Ultimate mechanisms promoting intra-specific diversity in genome structure may include large population sizes and niche complexity, however the proximate mechanisms generating such diversification are poorly understood. TEs can be key drivers generating structural variation [59, 60] and Z. tritici readily undergoes TE-mediated chromosomal rearrangements during meiosis [38, 39]. Here we show that Z. tritici genomes contain 16–24% TEs, with the overall proportion of TEs accounting for ~ 70% of the intraspecific genome size variation. Hence, TEs are key drivers of genome evolution in this species. Among the most drastic chromosomal rearrangements, we detected a significantly shorter chromosome 7 homologue. The longer homologue was hypothesized to have originated from a fusion with an accessory chromosome based on evidence from large-scale epigenetic remodeling . Our analysis likely identified the ancestral variant prior to the suspected chromosomal fusion event. Hence, the species retained two major chromosomal variants of a core chromosome.
TEs are often implicated in gene copy number variation through duplication or pseudogenisation events suggesting that TEs directly contribute to pangenome diversification. We show that specific Gypsy and Helitron elements were integrated into genes generating highly paralogous orthogroups. These orthogroups may underlie recent expansions of specific TEs in the genomes of Australian and Oregon isolates. The Helitron element is among the most transcribed TEs in the Oregon isolate, suggesting a high potential for new transpositions. In contrast, the Gypsy element is only weakly transcribed in the Australian isolate, suggesting that this TE has become deactivated by genomic defences. In addition to transpositional activity causing loss-of-function mutations in genes, TEs can also contribute to genome expansions . We found a strong correlation of TE content and genome size across the pangenome suggesting that TEs are the primary drivers of genome expansions. Because the pathogen was only recently introduced to regions outside of Europe and Asia, genome size variation among geographic regions may have originated from population bottlenecks such as founder events. As an example, populations in Australia underwent a significant founder event during the recent colonization of the continent from Europe . Hence, our observation of an expanded Australian genome may be causally linked to this bottleneck. Genome expansions may also be triggered by TE mobilization. Stressors such as host defences during infection cause substantial TE de-repression across the Z. tritici genome . Taken together, TE dynamics and large effective population sizes likely constitute the proximate and ultimate drivers of pangenome size evolution. Understanding the birth and death cycles of gene functions in such evolving pangenomes will help address major questions related to crop-pathogen co-evolution.

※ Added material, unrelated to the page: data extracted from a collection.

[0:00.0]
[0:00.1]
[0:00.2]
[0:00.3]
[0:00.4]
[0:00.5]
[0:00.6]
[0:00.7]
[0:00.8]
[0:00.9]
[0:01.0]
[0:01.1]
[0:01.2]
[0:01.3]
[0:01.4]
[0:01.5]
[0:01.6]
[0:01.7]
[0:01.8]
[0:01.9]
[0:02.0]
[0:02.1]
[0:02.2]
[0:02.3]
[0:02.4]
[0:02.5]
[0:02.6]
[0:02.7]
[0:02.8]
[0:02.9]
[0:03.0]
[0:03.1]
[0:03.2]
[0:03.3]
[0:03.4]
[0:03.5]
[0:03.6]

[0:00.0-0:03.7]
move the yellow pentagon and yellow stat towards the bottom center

High molecular-weight DNA extraction and single molecule real-time (SMRT) sequencing
Origin and year of sampling of all the isolates are described in Additional file 2: Table S3. High-molecular-weight DNA was extracted from lyophilized spores following a modified version of a cetyltrimethylammonium bromide (CTAB) protocol developed for plant tissue described in . Briefly, ~ 100 mg of lyophilized spores were crushed with a mortar and transferred to a phenol-chloroform-isoamyl alcohol solution. The supernatant was centrifuged and the pellet resuspended twice in fresh phenol-chloroform-isoamyl alcohol. The resulting pellet was then washed three times and resuspended in 100 μl of sterile water. For each isolate, PacBio SMRTbell libraries were prepared using between 15 μg and 30 μg of high molecular-weight DNA. Sequencing was performed on a PacBio Sequel instrument at the Functional Genomics Center, Zürich, Switzerland.

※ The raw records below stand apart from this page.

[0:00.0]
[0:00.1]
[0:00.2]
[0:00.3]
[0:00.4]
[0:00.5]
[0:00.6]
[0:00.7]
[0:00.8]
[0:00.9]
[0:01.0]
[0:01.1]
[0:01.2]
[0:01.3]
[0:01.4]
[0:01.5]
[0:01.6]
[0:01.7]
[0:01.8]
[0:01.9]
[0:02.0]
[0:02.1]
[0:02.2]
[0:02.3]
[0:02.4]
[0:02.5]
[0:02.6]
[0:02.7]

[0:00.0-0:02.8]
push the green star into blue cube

Complete genome assemblies
We largely followed the pipeline described in . In summary, raw PacBio sequencing reads were assembled using Canu v1.7.1 . All assemblies were performed with an estimated genome size of 39.678 Mb (--genomeSize). Two corrected error rates (--correctedErrorRate 0.045 and 0.039) and minimal read length (--minReadLength 500 and 5000) parameters were tested, and the most contiguous chromosome-level assemblies were retained for further analysis based on reference alignment. The scaffolding was quality-controlled by inspecting genome-wide dot plots against previously assembled and validated genomes for reference. For each isolate, raw reads were aligned to the newly assembled genome using pbalign v0.3.1 from Pacific Biosciences suite (https://github.com/PacificBiosciences/pbalign) to inspect potential mis-assemblies. The assemblies were polished twice using PacBio reads mapped back to the new assembly using the software Arrow v2.2.2 from the Pacific Biosciences suite with default settings (https://github.com/PacificBiosciences/GenomicConsensus) and chromosome-level assemblies were performed using Ragout v2.1.1 and the IPO323 isolate as a reference .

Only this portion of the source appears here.